---------- Input records ----------
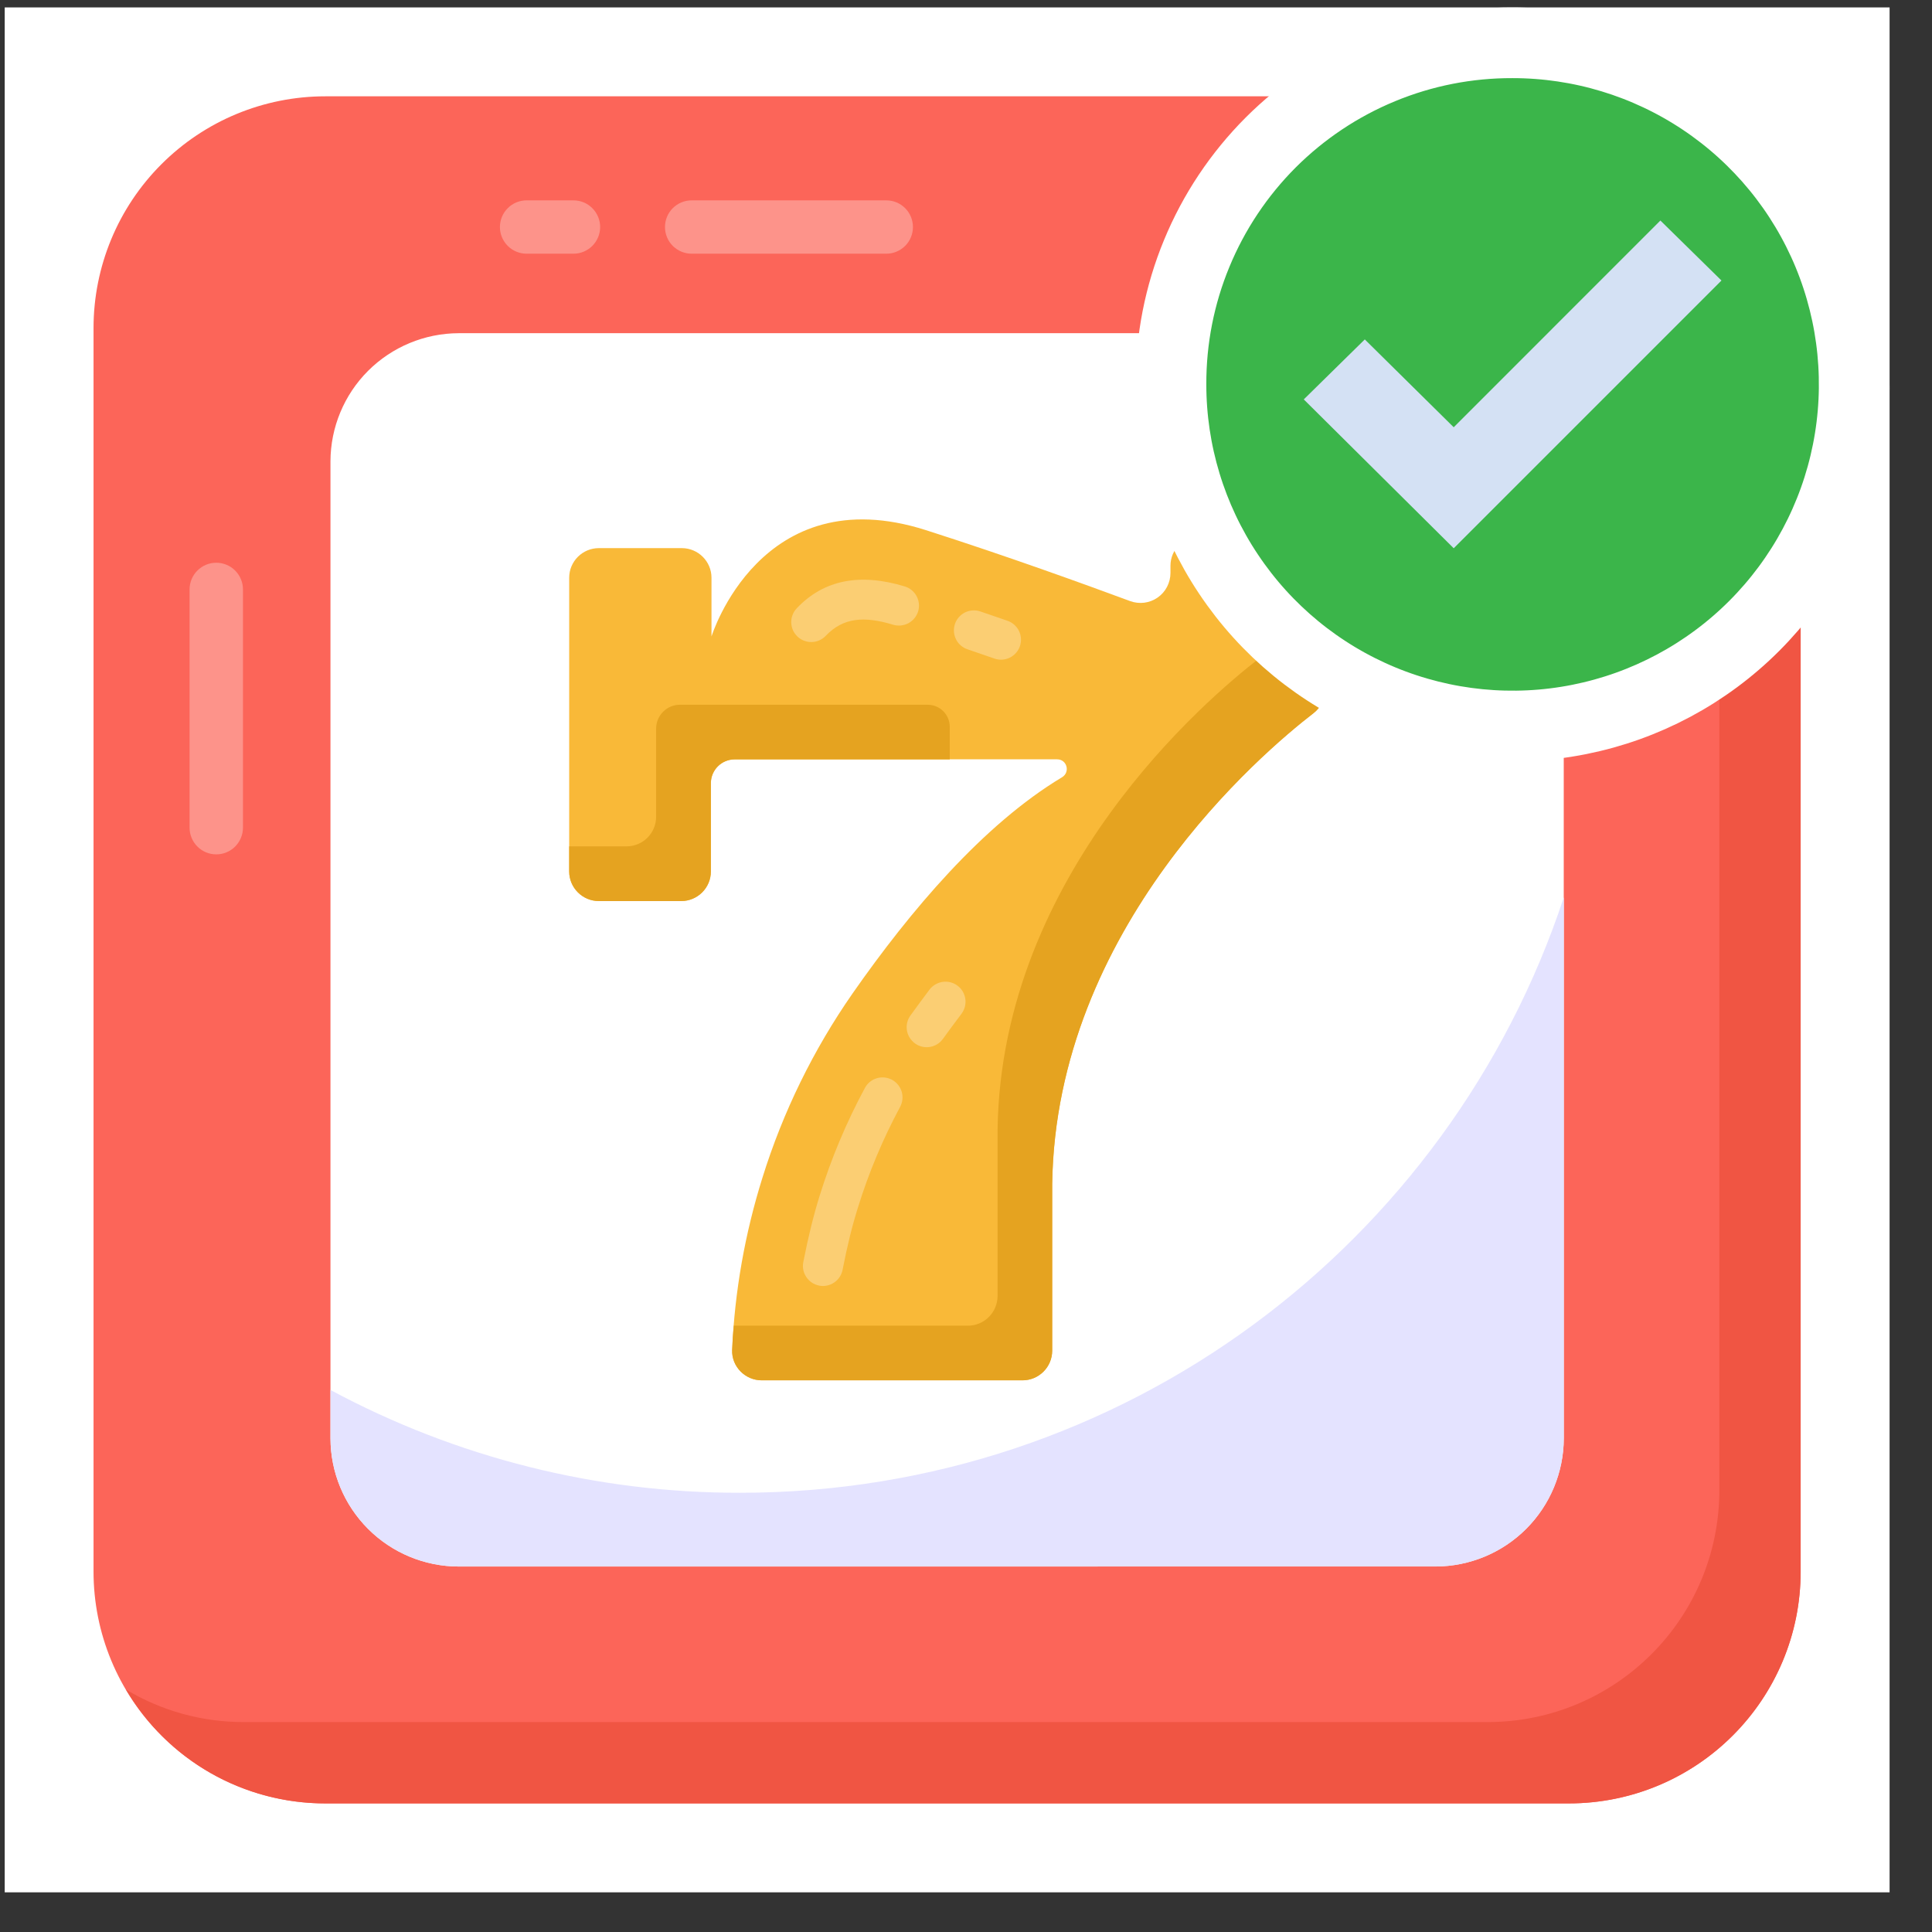 <svg width="41" height="41" viewBox="0 0 41 41" fill="none" xmlns="http://www.w3.org/2000/svg">
<rect x="0" y="0" width="41" height="41" fill="#333333" stroke="none"/>
<g clip-path="url(#clip0_102_3474)">
<rect width="40" height="40" transform="translate(0.1 0.158)" fill="white"/>
<path d="M38.212 6.962V33.353C38.212 34.657 37.694 35.908 36.771 36.83C35.849 37.753 34.598 38.271 33.294 38.271H6.903C5.599 38.271 4.348 37.753 3.426 36.83C2.503 35.908 1.985 34.657 1.985 33.353V6.962C1.985 5.658 2.503 4.407 3.426 3.485C4.348 2.562 5.599 2.044 6.903 2.044H33.294C33.94 2.044 34.58 2.171 35.176 2.418C35.773 2.666 36.315 3.028 36.772 3.484C37.229 3.941 37.591 4.483 37.838 5.08C38.085 5.677 38.212 6.316 38.212 6.962Z" fill="#FC6559"/>
<path opacity="0.3" d="M12.17 5.384H11.175C11.025 5.384 10.881 5.324 10.775 5.218C10.669 5.112 10.609 4.968 10.609 4.818C10.609 4.668 10.669 4.524 10.775 4.418C10.881 4.311 11.025 4.252 11.175 4.252H12.17C12.32 4.252 12.464 4.311 12.57 4.418C12.676 4.524 12.736 4.668 12.736 4.818C12.736 4.968 12.676 5.112 12.57 5.218C12.464 5.324 12.32 5.384 12.17 5.384ZM18.808 5.384H14.678C14.528 5.384 14.384 5.324 14.277 5.218C14.171 5.112 14.112 4.968 14.112 4.818C14.112 4.668 14.171 4.524 14.277 4.418C14.384 4.311 14.528 4.252 14.678 4.252H18.808C18.959 4.252 19.102 4.311 19.209 4.418C19.315 4.524 19.374 4.668 19.374 4.818C19.374 4.968 19.315 5.112 19.209 5.218C19.102 5.324 18.959 5.384 18.808 5.384ZM4.589 18.131C4.439 18.131 4.295 18.072 4.189 17.965C4.083 17.859 4.023 17.715 4.023 17.565V12.508C4.023 12.358 4.083 12.214 4.189 12.108C4.295 12.002 4.439 11.942 4.589 11.942C4.74 11.942 4.884 12.002 4.99 12.108C5.096 12.214 5.156 12.358 5.156 12.508V17.565C5.156 17.715 5.096 17.859 4.99 17.965C4.884 18.072 4.74 18.131 4.589 18.131Z" fill="white"/>
<path d="M38.213 6.964V33.352C38.213 36.069 36.011 38.271 33.294 38.271H6.906C6.051 38.272 5.21 38.05 4.467 37.626C3.725 37.202 3.106 36.591 2.672 35.854C3.429 36.309 4.296 36.548 5.18 36.545H31.569C34.285 36.545 36.487 34.342 36.487 31.625V5.237C36.487 4.32 36.238 3.459 35.796 2.73C36.534 3.163 37.145 3.782 37.569 4.525C37.993 5.268 38.214 6.108 38.213 6.964Z" fill="#F05543"/>
<path d="M9.731 33.244C9.011 33.242 8.32 32.955 7.811 32.445C7.302 31.936 7.015 31.245 7.013 30.525V9.79C7.015 9.07 7.302 8.379 7.811 7.87C8.321 7.361 9.011 7.074 9.731 7.071H30.467C31.187 7.074 31.878 7.361 32.387 7.87C32.896 8.379 33.183 9.07 33.185 9.79V30.525C33.183 31.245 32.896 31.936 32.387 32.445C31.878 32.954 31.187 33.241 30.467 33.243L9.731 33.244Z" fill="white"/>
<path d="M33.187 19.041V30.523C33.185 31.244 32.898 31.935 32.388 32.445C31.878 32.955 31.187 33.242 30.466 33.244H9.729C9.009 33.242 8.318 32.954 7.81 32.444C7.301 31.934 7.014 31.243 7.014 30.523V29.498C9.685 30.934 12.672 31.684 15.706 31.679C23.857 31.679 30.765 26.385 33.187 19.04V19.041Z" fill="#E4E3FF"/>
<path d="M28.118 12.007V14.64C28.118 14.736 28.096 14.831 28.053 14.917C28.011 15.002 27.949 15.077 27.873 15.136C26.781 15.978 22.407 19.687 22.328 25.123V28.663C22.328 29.01 22.047 29.292 21.699 29.292H16.167C16.082 29.292 15.999 29.276 15.921 29.244C15.844 29.211 15.773 29.163 15.714 29.103C15.656 29.043 15.61 28.971 15.579 28.893C15.548 28.814 15.534 28.731 15.537 28.647C15.592 27.399 15.81 26.173 16.181 24.99C16.615 23.597 17.26 22.279 18.093 21.082C19.313 19.334 20.865 17.498 22.536 16.496C22.717 16.388 22.644 16.114 22.433 16.114H15.589C15.456 16.115 15.328 16.168 15.234 16.262C15.14 16.357 15.087 16.485 15.087 16.618V18.493C15.087 18.84 14.804 19.122 14.457 19.122H12.709C12.542 19.122 12.382 19.056 12.264 18.938C12.145 18.82 12.079 18.66 12.079 18.493V12.261C12.079 11.914 12.361 11.632 12.709 11.632H14.469C14.816 11.632 15.099 11.914 15.099 12.261V13.507C15.099 13.507 16.139 10.131 19.648 11.25C21.407 11.813 23.033 12.405 23.983 12.756C24.079 12.791 24.183 12.803 24.285 12.79C24.386 12.777 24.483 12.739 24.567 12.681C24.651 12.622 24.72 12.544 24.767 12.453C24.814 12.362 24.839 12.261 24.839 12.158V12.007C24.839 11.659 25.121 11.378 25.468 11.378H27.489C27.836 11.378 28.118 11.659 28.118 12.007Z" fill="#F9B938"/>
<path opacity="0.3" d="M16.923 13.508C16.883 13.47 16.85 13.424 16.827 13.373C16.805 13.322 16.793 13.267 16.791 13.211C16.79 13.155 16.799 13.1 16.82 13.048C16.84 12.996 16.87 12.948 16.909 12.908C17.488 12.299 18.254 12.158 19.201 12.445C19.425 12.514 19.552 12.751 19.484 12.976C19.45 13.083 19.376 13.173 19.277 13.226C19.178 13.278 19.062 13.29 18.954 13.258C18.33 13.068 17.89 13.109 17.524 13.493C17.485 13.534 17.439 13.566 17.388 13.589C17.337 13.611 17.282 13.624 17.227 13.625C17.171 13.627 17.115 13.617 17.063 13.597C17.011 13.577 16.963 13.547 16.923 13.508ZM21.104 13.976L20.531 13.779C20.478 13.761 20.429 13.733 20.387 13.696C20.345 13.659 20.311 13.615 20.287 13.565C20.262 13.514 20.248 13.46 20.244 13.404C20.241 13.349 20.248 13.293 20.266 13.24C20.284 13.187 20.312 13.139 20.349 13.097C20.386 13.055 20.431 13.021 20.481 12.996C20.531 12.972 20.585 12.957 20.641 12.954C20.697 12.95 20.753 12.958 20.805 12.976L21.381 13.174C21.434 13.192 21.482 13.221 21.524 13.258C21.566 13.295 21.6 13.339 21.624 13.389C21.649 13.44 21.663 13.494 21.666 13.55C21.67 13.605 21.662 13.661 21.644 13.714C21.626 13.766 21.597 13.815 21.56 13.857C21.523 13.898 21.479 13.932 21.428 13.957C21.378 13.981 21.324 13.995 21.268 13.999C21.213 14.002 21.157 13.995 21.104 13.976ZM17.383 27.282C17.272 27.261 17.175 27.196 17.112 27.102C17.049 27.009 17.025 26.895 17.047 26.784C17.154 26.238 17.265 25.79 17.395 25.373C17.639 24.586 17.962 23.817 18.355 23.087C18.408 22.988 18.499 22.914 18.606 22.882C18.714 22.85 18.83 22.861 18.93 22.915C19.029 22.968 19.102 23.059 19.135 23.166C19.167 23.274 19.155 23.39 19.102 23.49C18.735 24.171 18.436 24.886 18.207 25.625C18.085 26.013 17.981 26.433 17.881 26.947C17.859 27.058 17.795 27.155 17.701 27.218C17.608 27.281 17.493 27.304 17.383 27.283V27.282ZM19.417 22.142C19.326 22.076 19.264 21.977 19.246 21.866C19.228 21.755 19.255 21.641 19.321 21.55C19.457 21.363 19.591 21.18 19.725 21.002C19.759 20.957 19.801 20.92 19.849 20.892C19.897 20.863 19.95 20.845 20.005 20.837C20.061 20.829 20.117 20.832 20.171 20.846C20.225 20.86 20.276 20.884 20.32 20.918C20.365 20.951 20.403 20.993 20.431 21.041C20.459 21.09 20.478 21.143 20.486 21.198C20.494 21.253 20.49 21.309 20.477 21.364C20.462 21.418 20.438 21.468 20.405 21.513C20.273 21.687 20.142 21.865 20.01 22.047C19.944 22.139 19.844 22.2 19.733 22.218C19.622 22.236 19.508 22.209 19.417 22.143V22.142Z" fill="white"/>
<path d="M19.687 14.956H14.428C14.295 14.956 14.167 15.009 14.073 15.104C13.978 15.198 13.925 15.326 13.924 15.459V17.333C13.924 17.68 13.644 17.961 13.296 17.961H12.079V18.493C12.079 18.839 12.362 19.122 12.708 19.122H14.457C14.623 19.122 14.783 19.055 14.901 18.938C15.018 18.82 15.085 18.66 15.085 18.493V16.62C15.085 16.343 15.312 16.116 15.588 16.116H20.155V15.424C20.155 15.3 20.106 15.181 20.018 15.093C19.93 15.005 19.811 14.956 19.687 14.956ZM28.121 12.007V14.639C28.12 14.736 28.097 14.831 28.054 14.917C28.011 15.003 27.948 15.079 27.872 15.137C26.779 15.98 22.41 19.688 22.33 25.122V28.665C22.329 28.833 22.262 28.993 22.143 29.11C22.024 29.228 21.864 29.294 21.697 29.293H16.166C15.815 29.293 15.521 28.999 15.538 28.648C15.543 28.478 15.555 28.303 15.572 28.133H20.542C20.708 28.133 20.868 28.066 20.985 27.948C21.103 27.831 21.169 27.671 21.17 27.505V23.967C21.249 18.527 25.625 14.82 26.717 13.976C26.792 13.918 26.853 13.844 26.896 13.758C26.938 13.673 26.96 13.579 26.961 13.484V11.379H27.487C27.838 11.379 28.121 11.662 28.121 12.007Z" fill="#E5A320"/>
<path d="M32.097 0.908H32.1C33.533 0.908 34.935 1.333 36.127 2.129C37.32 2.926 38.249 4.058 38.798 5.383C39.346 6.708 39.49 8.166 39.21 9.572C38.931 10.978 38.24 12.27 37.226 13.284C36.212 14.298 34.92 14.988 33.514 15.268C32.108 15.548 30.65 15.404 29.325 14.856C28 14.307 26.868 13.378 26.072 12.185C25.275 10.993 24.85 9.591 24.85 8.158L24.85 8.155C24.847 7.203 25.032 6.259 25.396 5.379C25.759 4.498 26.293 3.698 26.966 3.024C27.64 2.351 28.44 1.817 29.321 1.454C30.201 1.09 31.145 0.905 32.097 0.908Z" fill="#3BB54A" stroke="white" stroke-width="1.5"/>
<path d="M36.532 5.953L30.85 11.635L27.668 8.476L28.963 7.203L30.85 9.067L35.236 4.68L36.532 5.953Z" fill="#D4E1F4"/>
</g>
<defs>
<clipPath id="clip0_102_3474">
<rect width="40" height="40" fill="white" transform="translate(0.1 0.158)"/>
</clipPath>
</defs>
</svg>
----------
| Prompt |
Search the records above for "translate". Copy each line where it is found.

| Task solution |
<rect width="40" height="40" transform="translate(0.1 0.158)" fill="white"/>
<rect width="40" height="40" fill="white" transform="translate(0.1 0.158)"/>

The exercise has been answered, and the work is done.